Saraf, the recipient of a 2015 Eureka Fellowship Award, expands on the concept of earlier works, such as Fold{Live} (2011), which uses simple, everyday motions—the folding of laundry—as a point of departure for exploration of the significance in small gesture. Initially envisioning her new work as a sound piece, Saraf obtained recordings of the machinery—some archaic, some state-of-the-art—at the factory. She soon realized she wanted to add a video component, and began exploring gesture, wearing sensors that would enable her to choreograph using her body, to interpret the rhythms and patterns of the motions in the factory.

Surabhi Saraf, Tablets, 2014.

Surabhi Saraf, Tablets, 2014.

“Remedies” consists of two large, immersive multichannel video installations that also incorporate square pedestals, “video boxes” and images of pharmecutical products moving past us in a grid, as though on an assembly line. In the larger gallery space, Tablets (2014) features a hypnotic soundtrack of percussive sounds, its two wall-sized projections creating a cinematic experience. Performers wearing red polo shirts and blue plastic gloves enact precise, almost robotic choreography. Arms raise and lower, come together and part, at times like a semaphore code, at others like a piston. A sinuous body roll becomes a motif. Lines of bodies step forward, or backward, sometimes in a circular motion. Hands make a gesture as though shaking or twisting something open, grasping and pulling. With a fine choreographic touch (the artist here collaborated with Christy Funsch), one might think of Sarah Michelson’s spare, repetitive works; the pieces also convey much of the suspense and drama of Bill Viola.

Capsules (2014) is enriched by a more orchestral soundtrack; surrounding the viewer, sound is a key element in the work, and designed to spill over from one work to another. Dancers appear in pairs or small groups, the whole ensemble joining for a finale, with an incessant beat like Stravinsky’s Rite of Spring, and a scooping, sifting and flinging motion involving some actual powdered substance that makes clouds of dust in the air. 
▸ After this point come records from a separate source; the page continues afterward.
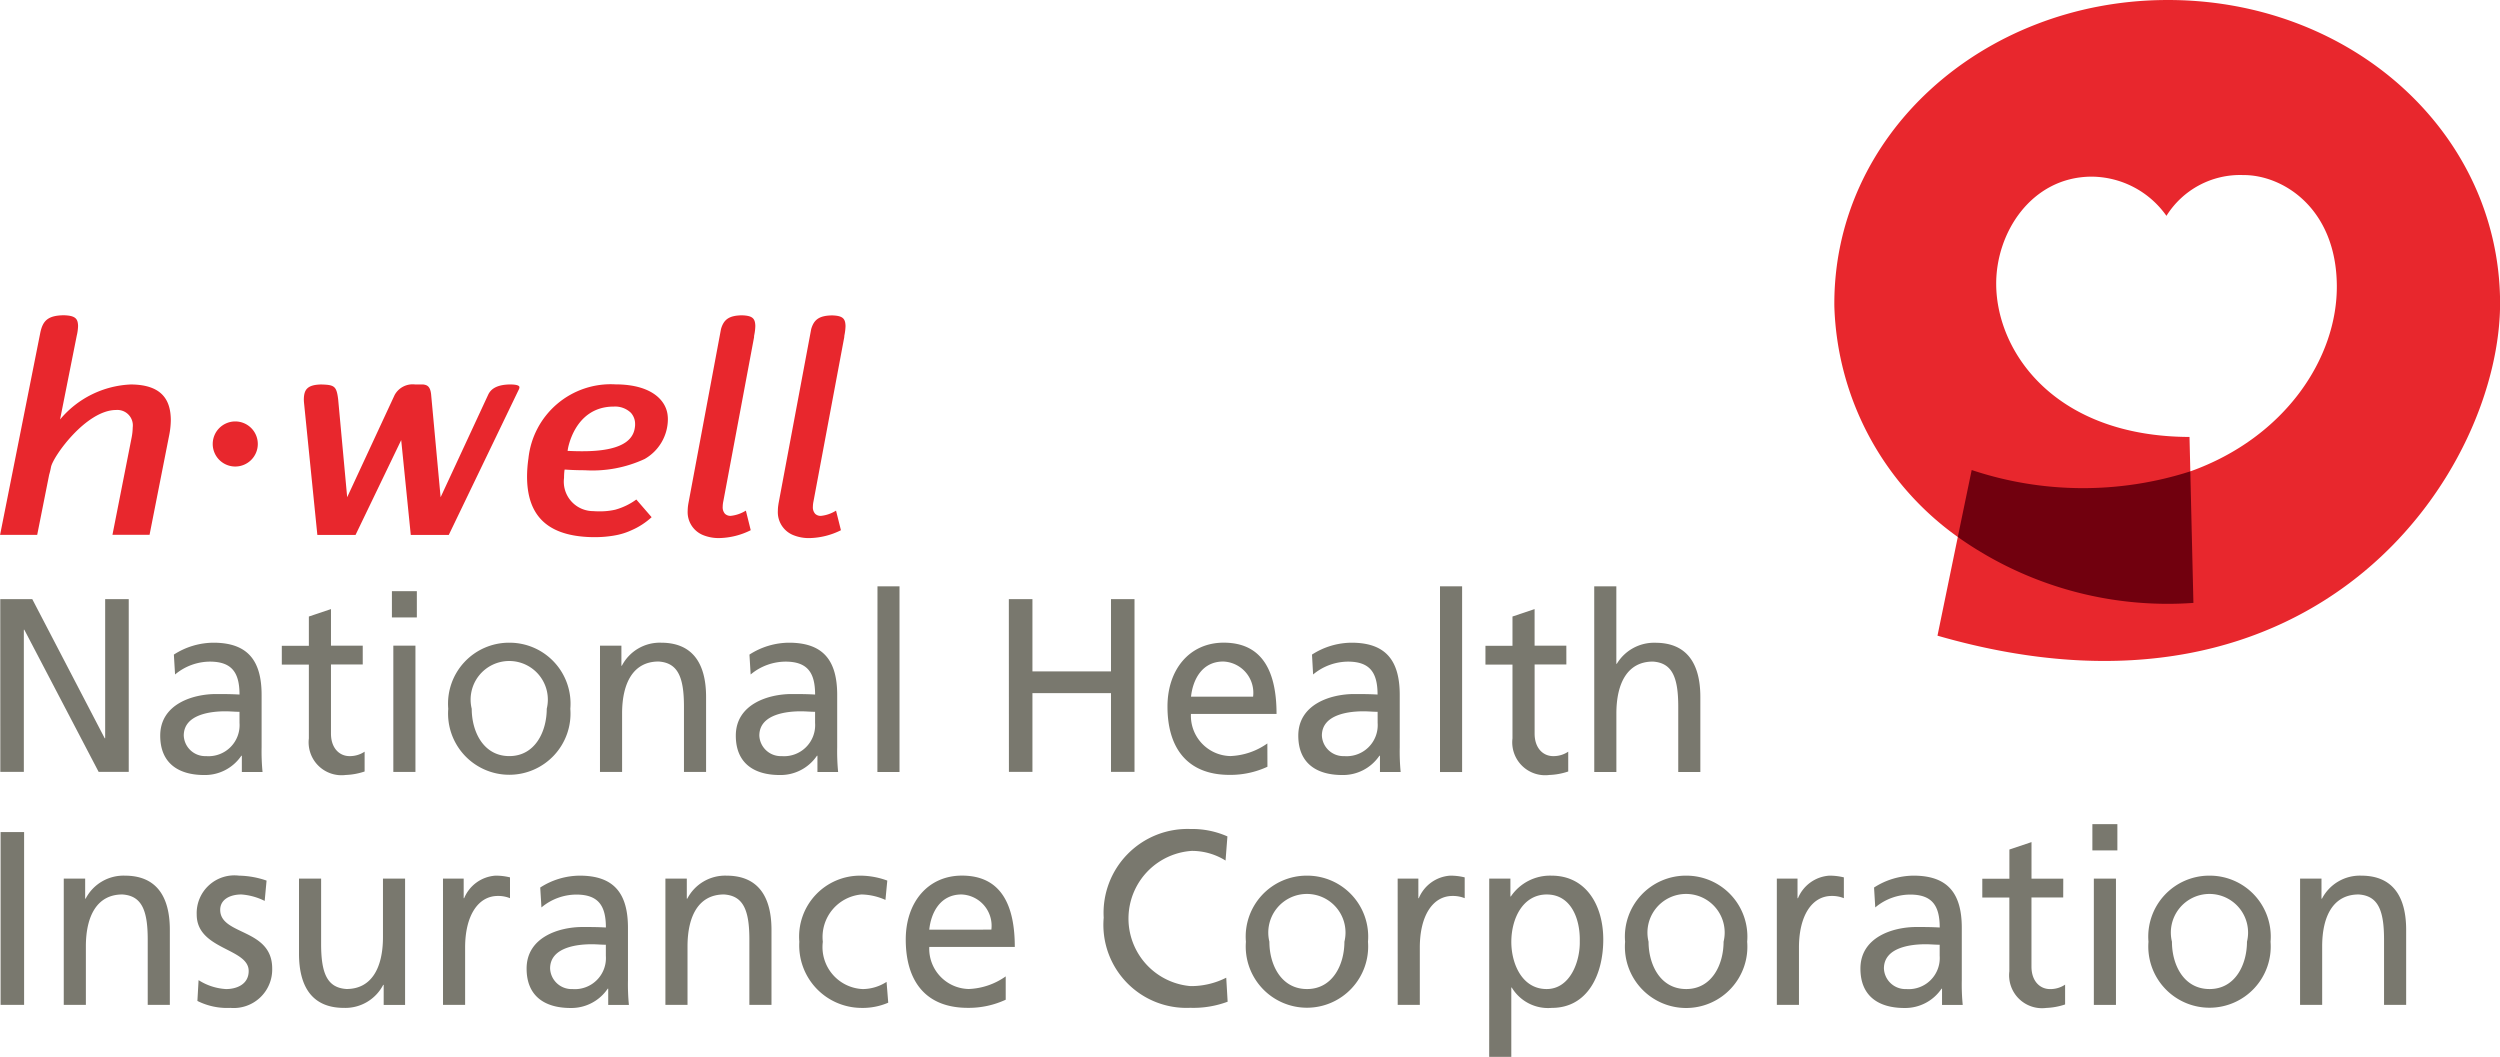 <svg xmlns="http://www.w3.org/2000/svg" width="123" height="52" viewBox="0 0 123 52">
  <g id="logo_hwell" transform="translate(-394.26 -375.136)">
    <g id="그룹_38635" data-name="그룹 38635" transform="translate(394.273 403.979)">
      <g id="그룹_38634" data-name="그룹 38634" transform="translate(0 0)">
        <path id="패스_34314" data-name="패스 34314" d="M394.279,418.42h1.574l3.564,6.846h.023V418.42H400.6v8.5h-1.481l-3.657-6.993h-.023v6.993h-1.157Z" transform="translate(-394.279 -417.787)" fill="#79786e"/>
        <path id="패스_34315" data-name="패스 34315" d="M406.433,422.134a3.625,3.625,0,0,1,1.944-.585c1.689,0,2.373.877,2.373,2.571v2.571a10.5,10.5,0,0,0,.046,1.218h-1.018v-.8h-.024a2.16,2.16,0,0,1-1.828.95c-1.273,0-2.164-.585-2.164-1.937,0-1.56,1.62-2.047,2.743-2.047.428,0,.729,0,1.158.025,0-1.072-.371-1.62-1.458-1.62a2.691,2.691,0,0,0-1.713.633Zm3.229,2.815c-.232,0-.463-.025-.694-.025-.591,0-2.048.1-2.048,1.194a1.058,1.058,0,0,0,1.1,1.011,1.528,1.528,0,0,0,1.643-1.632Z" transform="translate(-397.892 -418.771)" fill="#79786e"/>
        <path id="패스_34316" data-name="패스 34316" d="M418.473,421.86h-1.563v3.4c0,.718.417,1.108.914,1.108a1.3,1.3,0,0,0,.741-.219v.975a3.242,3.242,0,0,1-.926.171,1.619,1.619,0,0,1-1.817-1.8v-3.63h-1.331v-.926h1.331V419.5l1.088-.366v1.8h1.563Z" transform="translate(-400.639 -418.01)" fill="#79786e"/>
        <path id="패스_34317" data-name="패스 34317" d="M423.622,419.143h-1.227v-1.292h1.227Zm-1.157,1.388h1.088v6.213h-1.088Z" transform="translate(-403.126 -417.608)" fill="#79786e"/>
        <path id="패스_34318" data-name="패스 34318" d="M429.424,421.549a3,3,0,0,1,3,3.253,3.012,3.012,0,1,1-6.006,0A3,3,0,0,1,429.424,421.549Zm0,5.579c1.273,0,1.84-1.218,1.84-2.327a1.9,1.9,0,1,0-3.691,0C427.573,425.911,428.139,427.128,429.424,427.128Z" transform="translate(-404.377 -418.771)" fill="#79786e"/>
        <path id="패스_34319" data-name="패스 34319" d="M437.307,421.695h1.053v.987h.023a2.1,2.1,0,0,1,1.933-1.133c1.528,0,2.21,1,2.21,2.668v3.691h-1.088v-3.216c0-1.449-.3-2.156-1.25-2.217-1.238,0-1.794,1.048-1.794,2.558v2.875h-1.088Z" transform="translate(-407.8 -418.771)" fill="#79786e"/>
        <path id="패스_34320" data-name="패스 34320" d="M447.722,422.134a3.623,3.623,0,0,1,1.944-.585c1.69,0,2.373.877,2.373,2.571v2.571a10.524,10.524,0,0,0,.046,1.218h-1.018v-.8h-.023a2.162,2.162,0,0,1-1.829.95c-1.273,0-2.164-.585-2.164-1.937,0-1.56,1.62-2.047,2.743-2.047.428,0,.729,0,1.158.025,0-1.072-.37-1.62-1.458-1.62a2.693,2.693,0,0,0-1.713.633Zm3.229,2.815c-.232,0-.463-.025-.695-.025-.59,0-2.048.1-2.048,1.194a1.058,1.058,0,0,0,1.1,1.011,1.528,1.528,0,0,0,1.643-1.632Z" transform="translate(-410.862 -418.771)" fill="#79786e"/>
        <path id="패스_34321" data-name="패스 34321" d="M457.216,417.5H458.3v9.137h-1.088Z" transform="translate(-414.057 -417.496)" fill="#79786e"/>
        <path id="패스_34322" data-name="패스 34322" d="M466.639,418.42H467.8v3.558h3.865V418.42h1.157v8.5h-1.157v-3.874H467.8v3.874h-1.157Z" transform="translate(-417.017 -417.787)" fill="#79786e"/>
        <path id="패스_34323" data-name="패스 34323" d="M482.939,427.652a4.326,4.326,0,0,1-1.863.4c-2.094,0-3.055-1.34-3.055-3.362,0-1.84,1.1-3.143,2.766-3.143,1.967,0,2.6,1.51,2.6,3.508h-4.212a1.983,1.983,0,0,0,1.944,2.071,3.372,3.372,0,0,0,1.816-.621Zm-.706-3.447a1.539,1.539,0,0,0-1.469-1.73c-1.064,0-1.5.926-1.585,1.73Z" transform="translate(-420.594 -418.771)" fill="#79786e"/>
        <path id="패스_34324" data-name="패스 34324" d="M488.082,422.134a3.625,3.625,0,0,1,1.944-.585c1.689,0,2.373.877,2.373,2.571v2.571a10.567,10.567,0,0,0,.045,1.218h-1.018v-.8H491.4a2.161,2.161,0,0,1-1.828.95c-1.273,0-2.164-.585-2.164-1.937,0-1.56,1.619-2.047,2.743-2.047.428,0,.729,0,1.157.025,0-1.072-.371-1.62-1.458-1.62a2.7,2.7,0,0,0-1.713.633Zm3.229,2.815c-.232,0-.463-.025-.694-.025-.59,0-2.048.1-2.048,1.194a1.059,1.059,0,0,0,1.1,1.011,1.528,1.528,0,0,0,1.643-1.632Z" transform="translate(-423.545 -418.771)" fill="#79786e"/>
        <path id="패스_34325" data-name="패스 34325" d="M497.576,417.5h1.088v9.137h-1.088Z" transform="translate(-426.741 -417.496)" fill="#79786e"/>
        <path id="패스_34326" data-name="패스 34326" d="M504.816,421.86h-1.562v3.4c0,.718.417,1.108.914,1.108a1.292,1.292,0,0,0,.74-.219v.975a3.241,3.241,0,0,1-.925.171,1.619,1.619,0,0,1-1.818-1.8v-3.63h-1.33v-.926h1.33V419.5l1.088-.366v1.8h1.562Z" transform="translate(-427.764 -418.01)" fill="#79786e"/>
        <path id="패스_34327" data-name="패스 34327" d="M508.638,417.5h1.088v3.813h.023a2.138,2.138,0,0,1,1.9-1.036c1.528,0,2.21,1,2.21,2.668v3.691h-1.087v-3.216c0-1.449-.3-2.156-1.25-2.217-1.238,0-1.794,1.048-1.794,2.558v2.875h-1.088Z" transform="translate(-430.215 -417.496)" fill="#79786e"/>
        <path id="패스_34328" data-name="패스 34328" d="M394.3,435.144h1.157v8.5H394.3Z" transform="translate(-394.284 -423.049)" fill="#79786e"/>
        <path id="패스_34329" data-name="패스 34329" d="M398.838,438.419h1.053v.987h.023a2.1,2.1,0,0,1,1.933-1.133c1.528,0,2.21,1,2.21,2.668v3.691h-1.088v-3.216c0-1.45-.3-2.156-1.249-2.217-1.238,0-1.794,1.048-1.794,2.558v2.875h-1.088Z" transform="translate(-395.714 -424.034)" fill="#79786e"/>
        <path id="패스_34330" data-name="패스 34330" d="M408.473,443.414a2.8,2.8,0,0,0,1.354.439c.5,0,1.111-.219,1.111-.89,0-1.133-2.557-1.036-2.557-2.778a1.857,1.857,0,0,1,2.083-1.912,4.351,4.351,0,0,1,1.354.243l-.093,1a3.057,3.057,0,0,0-1.146-.317c-.556,0-1.042.243-1.042.755,0,1.267,2.558.9,2.558,2.887a1.894,1.894,0,0,1-2.06,1.938,3.248,3.248,0,0,1-1.62-.342Z" transform="translate(-398.716 -424.034)" fill="#79786e"/>
        <path id="패스_34331" data-name="패스 34331" d="M420.944,444.7h-1.053v-.987h-.023a2.1,2.1,0,0,1-1.933,1.133c-1.528,0-2.21-1-2.21-2.669v-3.691h1.088V441.7c0,1.45.3,2.156,1.249,2.217,1.238,0,1.794-1.048,1.794-2.558v-2.875h1.088Z" transform="translate(-401.027 -424.101)" fill="#79786e"/>
        <path id="패스_34332" data-name="패스 34332" d="M426.043,438.419h1.018v.963h.023a1.8,1.8,0,0,1,1.539-1.109,2.92,2.92,0,0,1,.717.085v1.024a1.531,1.531,0,0,0-.6-.11c-.972,0-1.608.975-1.608,2.534v2.826h-1.088Z" transform="translate(-404.261 -424.034)" fill="#79786e"/>
        <path id="패스_34333" data-name="패스 34333" d="M432.71,438.858a3.617,3.617,0,0,1,1.944-.585c1.69,0,2.373.877,2.373,2.57v2.571a10.513,10.513,0,0,0,.046,1.219h-1.018v-.8h-.023a2.161,2.161,0,0,1-1.828.951c-1.273,0-2.164-.585-2.164-1.938,0-1.559,1.62-2.046,2.743-2.046.428,0,.729,0,1.158.024,0-1.072-.37-1.62-1.458-1.62a2.689,2.689,0,0,0-1.713.633Zm3.229,2.814c-.232,0-.463-.024-.695-.024-.59,0-2.048.1-2.048,1.193a1.059,1.059,0,0,0,1.1,1.012,1.528,1.528,0,0,0,1.643-1.633Z" transform="translate(-406.144 -424.034)" fill="#79786e"/>
        <path id="패스_34334" data-name="패스 34334" d="M442,438.419h1.053v.987h.023a2.1,2.1,0,0,1,1.933-1.133c1.527,0,2.21,1,2.21,2.668v3.691h-1.088v-3.216c0-1.45-.3-2.156-1.249-2.217-1.238,0-1.794,1.048-1.794,2.558v2.875H442Z" transform="translate(-409.275 -424.034)" fill="#79786e"/>
        <path id="패스_34335" data-name="패스 34335" d="M455.846,439.467a3.016,3.016,0,0,0-1.181-.268,2.1,2.1,0,0,0-1.9,2.327,2.068,2.068,0,0,0,1.967,2.327,2.185,2.185,0,0,0,1.169-.354l.082,1.024a3.172,3.172,0,0,1-1.365.256,3.073,3.073,0,0,1-3.009-3.253,3,3,0,0,1,3.009-3.253,3.9,3.9,0,0,1,1.319.243Z" transform="translate(-412.295 -424.034)" fill="#79786e"/>
        <path id="패스_34336" data-name="패스 34336" d="M464.161,444.377a4.327,4.327,0,0,1-1.863.4c-2.1,0-3.055-1.341-3.055-3.363,0-1.84,1.1-3.143,2.765-3.143,1.968,0,2.6,1.511,2.6,3.508H460.4a1.984,1.984,0,0,0,1.944,2.071,3.371,3.371,0,0,0,1.817-.621Zm-.706-3.448a1.54,1.54,0,0,0-1.469-1.73c-1.065,0-1.505.926-1.586,1.73Z" transform="translate(-414.693 -424.034)" fill="#79786e"/>
        <path id="패스_34337" data-name="패스 34337" d="M479.44,436.478a3.128,3.128,0,0,0-1.667-.475,3.336,3.336,0,0,0-.058,6.652,3.817,3.817,0,0,0,1.759-.414l.069,1.182a4.818,4.818,0,0,1-1.84.3,4.085,4.085,0,0,1-4.258-4.435,4.129,4.129,0,0,1,4.27-4.362,4.265,4.265,0,0,1,1.817.365Z" transform="translate(-419.156 -422.982)" fill="#79786e"/>
        <path id="패스_34338" data-name="패스 34338" d="M486.653,438.273a3,3,0,0,1,3,3.253,3.012,3.012,0,1,1-6.006,0A3,3,0,0,1,486.653,438.273Zm0,5.579c1.273,0,1.84-1.218,1.84-2.327a1.9,1.9,0,1,0-3.691,0C484.8,442.635,485.369,443.852,486.653,443.852Z" transform="translate(-422.361 -424.034)" fill="#79786e"/>
        <path id="패스_34339" data-name="패스 34339" d="M494.537,438.419h1.018v.963h.023a1.8,1.8,0,0,1,1.539-1.109,2.931,2.931,0,0,1,.718.085v1.024a1.535,1.535,0,0,0-.6-.11c-.972,0-1.608.975-1.608,2.534v2.826h-1.088Z" transform="translate(-425.785 -424.034)" fill="#79786e"/>
        <path id="패스_34340" data-name="패스 34340" d="M501.105,438.419h1.042v.877h.023a2.327,2.327,0,0,1,2-1.023c1.713,0,2.546,1.474,2.546,3.143,0,1.706-.753,3.363-2.534,3.363a2.083,2.083,0,0,1-1.967-1h-.024v3.411h-1.088Zm2.835.78c-1.18,0-1.748,1.181-1.748,2.339,0,1.036.509,2.314,1.736,2.314,1.169,0,1.655-1.377,1.632-2.351C505.584,440.38,505.12,439.2,503.94,439.2Z" transform="translate(-427.848 -424.034)" fill="#79786e"/>
        <path id="패스_34341" data-name="패스 34341" d="M513.858,438.273a3,3,0,0,1,3,3.253,3.013,3.013,0,1,1-6.006,0A3,3,0,0,1,513.858,438.273Zm0,5.579c1.273,0,1.839-1.218,1.839-2.327a1.9,1.9,0,1,0-3.691,0C512.007,442.635,512.573,443.852,513.858,443.852Z" transform="translate(-430.91 -424.034)" fill="#79786e"/>
        <path id="패스_34342" data-name="패스 34342" d="M521.741,438.419h1.018v.963h.023a1.8,1.8,0,0,1,1.539-1.109,2.932,2.932,0,0,1,.718.085v1.024a1.532,1.532,0,0,0-.6-.11c-.973,0-1.609.975-1.609,2.534v2.826h-1.088Z" transform="translate(-434.334 -424.034)" fill="#79786e"/>
        <path id="패스_34343" data-name="패스 34343" d="M528.407,438.858a3.622,3.622,0,0,1,1.945-.585c1.689,0,2.372.877,2.372,2.57v2.571a10.357,10.357,0,0,0,.046,1.219h-1.018v-.8h-.023a2.159,2.159,0,0,1-1.828.951c-1.273,0-2.164-.585-2.164-1.938,0-1.559,1.62-2.046,2.743-2.046.428,0,.729,0,1.158.024,0-1.072-.371-1.62-1.458-1.62a2.688,2.688,0,0,0-1.713.633Zm3.229,2.814c-.232,0-.463-.024-.695-.024-.589,0-2.048.1-2.048,1.193a1.059,1.059,0,0,0,1.1,1.012,1.528,1.528,0,0,0,1.643-1.633Z" transform="translate(-436.217 -424.034)" fill="#79786e"/>
        <path id="패스_34344" data-name="패스 34344" d="M540.448,438.584h-1.562v3.4c0,.72.417,1.109.914,1.109a1.3,1.3,0,0,0,.741-.219v.975a3.274,3.274,0,0,1-.926.171,1.619,1.619,0,0,1-1.817-1.8v-3.63h-1.331v-.926H537.8v-1.437l1.088-.366v1.8h1.563Z" transform="translate(-438.951 -423.273)" fill="#79786e"/>
        <path id="패스_34345" data-name="패스 34345" d="M545.6,435.867H544.37v-1.292H545.6Zm-1.158,1.388h1.088v6.213h-1.088Z" transform="translate(-441.438 -422.87)" fill="#79786e"/>
        <path id="패스_34346" data-name="패스 34346" d="M551.4,438.273a3,3,0,0,1,3,3.253,3.012,3.012,0,1,1-6.006,0A3,3,0,0,1,551.4,438.273Zm0,5.579c1.273,0,1.84-1.218,1.84-2.327a1.9,1.9,0,1,0-3.691,0C549.547,442.635,550.113,443.852,551.4,443.852Z" transform="translate(-442.702 -424.034)" fill="#79786e"/>
        <path id="패스_34347" data-name="패스 34347" d="M559.281,438.419h1.053v.987h.024a2.1,2.1,0,0,1,1.932-1.133c1.528,0,2.21,1,2.21,2.668v3.691h-1.088v-3.216c0-1.45-.3-2.156-1.25-2.217-1.238,0-1.794,1.048-1.794,2.558v2.875h-1.088Z" transform="translate(-446.13 -424.034)" fill="#79786e"/>
      </g>
    </g>
    <g id="그룹_38637" data-name="그룹 38637" transform="translate(484.51 375.136)">
      <path id="패스_34348" data-name="패스 34348" d="M542.09,375.137c-8.947.077-16.319,6.623-16.245,15.064a14.471,14.471,0,0,0,6.074,11.354l-1,4.856c18.876,5.448,27.751-8.274,27.68-16.464C558.522,381.6,551.2,375.056,542.09,375.137Zm1.269,23.191-.04-1.694c-6.594-.019-9.482-4.144-9.511-7.494-.023-2.568,1.741-5.288,4.671-5.313a4.54,4.54,0,0,1,3.705,1.929,4.269,4.269,0,0,1,3.771-2.007c1.953-.017,4.579,1.624,4.612,5.426C550.6,392.746,548.021,396.664,543.359,398.327Z" transform="translate(-525.845 -375.136)" fill="#e8272d"/>
      <g id="그룹_38636" data-name="그룹 38636" transform="translate(6.075 23.125)">
        <path id="패스_34349" data-name="패스 34349" d="M546.3,415.416l-.153-6.472a17.277,17.277,0,0,1-10.756-.066l-.683,3.294A17.842,17.842,0,0,0,546.3,415.416Z" transform="translate(-534.709 -408.878)" fill="#71000e"/>
      </g>
    </g>
    <g id="그룹_38638" data-name="그룹 38638" transform="translate(394.26 390.648)">
      <path id="패스_34350" data-name="패스 34350" d="M411.749,406.608a1.109,1.109,0,1,0-1.109,1.107,1.11,1.11,0,0,0,1.109-1.107Z" transform="translate(-399.065 -400.274)" fill="#e8272d"/>
      <path id="패스_34351" data-name="패스 34351" d="M402.664,403.009c-.011-.914-.388-1.722-1.966-1.731A4.8,4.8,0,0,0,397.215,403h0l.83-4.169,0,.01a2.339,2.339,0,0,0,.056-.448c-.011-.343-.121-.506-.709-.52-.8.01-1.027.294-1.147.846l-1.981,9.959h1.826l.588-2.956a3.393,3.393,0,0,0,.092-.388c.125-.552,1.728-2.777,3.179-2.8a.079.079,0,0,1,.018,0,.762.762,0,0,1,.823.859,2.815,2.815,0,0,1-.057.511l-.94,4.77h1.825l.97-4.919A3.955,3.955,0,0,0,402.664,403.009Z" transform="translate(-394.26 -397.874)" fill="#e8272d"/>
      <path id="패스_34352" data-name="패스 34352" d="M426.25,402.839h-.016c-.7.005-.977.243-1.1.517l-2.335,5.032-.468-5.069c-.045-.4-.206-.452-.384-.479h-.4a1.008,1.008,0,0,0-1.014.526l-2.331,5.021-.444-4.819c-.08-.652-.188-.709-.829-.728-.707.012-.847.269-.859.713a1.79,1.79,0,0,0,.01.2l.655,6.491h1.878l2.247-4.667.471,4.667H423.2l3.423-7.108h0v0l.029-.058a.248.248,0,0,0,.025-.092C426.681,402.934,426.651,402.847,426.25,402.839Z" transform="translate(-401.121 -399.436)" fill="#e8272d"/>
      <path id="패스_34353" data-name="패스 34353" d="M433.944,407.03l.064,0s.384.031.927.031a6.1,6.1,0,0,0,2.946-.553,2.263,2.263,0,0,0,1.144-1.928c0-.059,0-.119-.007-.178-.056-.756-.77-1.562-2.569-1.566a4.072,4.072,0,0,0-4.284,3.646,6.329,6.329,0,0,0-.068.906c.008,1.885.974,2.847,2.97,2.956.123.007.241.009.354.009a5.6,5.6,0,0,0,.9-.069l.077-.013h0a3.3,3.3,0,0,0,.828-.254,3.554,3.554,0,0,0,1-.646l-.753-.87a3.207,3.207,0,0,1-1.033.5,3.284,3.284,0,0,1-.759.082c-.1,0-.208,0-.322-.011a1.448,1.448,0,0,1-1.442-1.635,2.994,2.994,0,0,1,.019-.35Zm.158-.992s.3-2.029,2.152-2.107l.086,0a1.114,1.114,0,0,1,.862.3.811.811,0,0,1,.211.552c0,.021,0,.039,0,.061-.031.511-.31,1.282-2.582,1.282h-.06q-.282,0-.605-.015l-.073,0Z" transform="translate(-406.166 -399.437)" fill="#e8272d"/>
      <path id="패스_34354" data-name="패스 34354" d="M443.658,407.161l-.007.049a2.052,2.052,0,0,0-.022.28,1.219,1.219,0,0,0,.746,1.194,2.032,2.032,0,0,0,.811.151,3.61,3.61,0,0,0,1.545-.387l-.239-.964a1.754,1.754,0,0,1-.744.258.389.389,0,0,1-.282-.1.473.473,0,0,1-.114-.348,1.356,1.356,0,0,1,.032-.276l1.511-8.066v-.016a.422.422,0,0,1,.01-.092,2.489,2.489,0,0,0,.052-.448c-.012-.345-.113-.506-.66-.52-.671.008-.9.237-1.028.672Z" transform="translate(-409.795 -397.874)" fill="#e8272d"/>
      <path id="패스_34355" data-name="패스 34355" d="M450.135,407.134l-.011.077a1.875,1.875,0,0,0-.022.284,1.215,1.215,0,0,0,.747,1.19,2.028,2.028,0,0,0,.81.151,3.619,3.619,0,0,0,1.546-.387l-.241-.964a1.744,1.744,0,0,1-.742.258.387.387,0,0,1-.282-.1.472.472,0,0,1-.115-.348,1.4,1.4,0,0,1,.032-.276l1.512-8.071a.611.611,0,0,1,.01-.1,2.617,2.617,0,0,0,.052-.448c-.012-.346-.113-.506-.661-.52-.67.008-.9.237-1.028.672Z" transform="translate(-411.831 -397.874)" fill="#e8272d"/>
    </g>
  </g>
</svg>

One’s sense of the bodies of the performers as transformed into a symbiosis of man and machine is quite striking, and might convey a sense of a dystopian society where humans have evolved into cyborgs, but Saraf’s intent is more benign. Her interest in the sounds and motions of the factory is of a more formal nature, bypassing the potentially loaded politics of factory labor or drug companies. Questions about these issues may, no doubt, arise unbidden in the minds of many viewers. But we may enjoy the piece, as intended, as a hypnotic and compelling meditation on an alchemical transformation—of raw elements into healing potions.